NEVER switch loggers without a benchmark proving the need.
`slog` is fast enough for the vast majority of Go services.

## 7. Common Anti-Patterns

| Anti-Pattern | Fix |
|---|---|
| `fmt.Sprintf` for simple int→string | `strconv.Itoa` |
| String concatenation in loop | `strings.Builder` |
| Slice without preallocation | `make([]T, 0, n)` |
| Map without capacity hint | `make(map[K]V, n)` |
| `regexp.Compile` inside function | Compile once at package level |
| `json.Marshal` in hot path | Use code-gen (`easyjson`, `sonic`) |
| Logging in tight loop | Batch or sample |
| `defer` in very tight inner loop | Manual cleanup (rare, benchmark first) |

## Important Caveat

Most Go code is not performance-critical.

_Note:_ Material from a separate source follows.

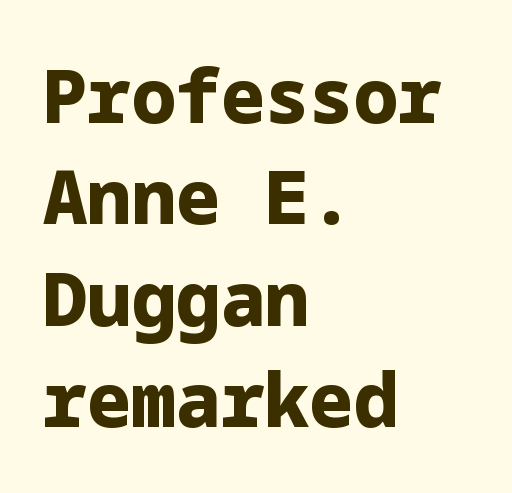
{"serif": "no", "italic": "no", "bold": "yes", "weight": "heavy", "width": "normal", "stroke_contrast": "low", "x_height": "medium", "underline": "no", "align": "left", "line_spacing": "normal", "line_spacing_ratio": 1.37, "letter_spacing": "normal", "letter_spacing_em": 0.0, "glyph_px": 74}
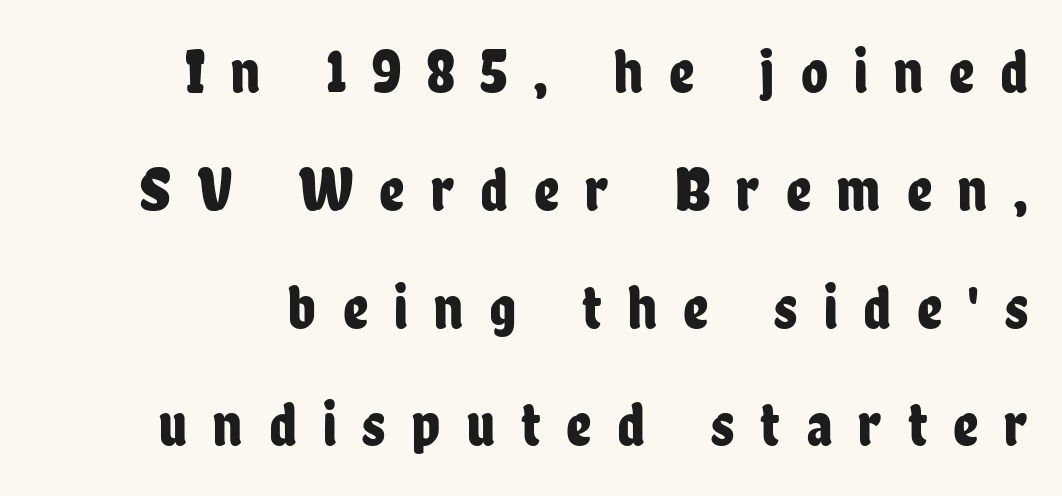
{"serif": "no", "italic": "no", "width": "condensed", "stroke_contrast": "low", "x_height": "medium", "monospaced": "no", "underline": "no", "align": "right", "line_spacing": "loose", "line_spacing_ratio": 1.9, "letter_spacing": "wide", "letter_spacing_em": 0.42, "glyph_px": 62}

Readability and correctness ALWAYS
take priority over micro-optimizations. Only apply these patterns when:

1. A benchmark proves this code path is a bottleneck
2. The optimization is significant (>10% improvement)
3. The resulting code remains readable and maintainable

Premature optimization is still the root of all evil, even in Go.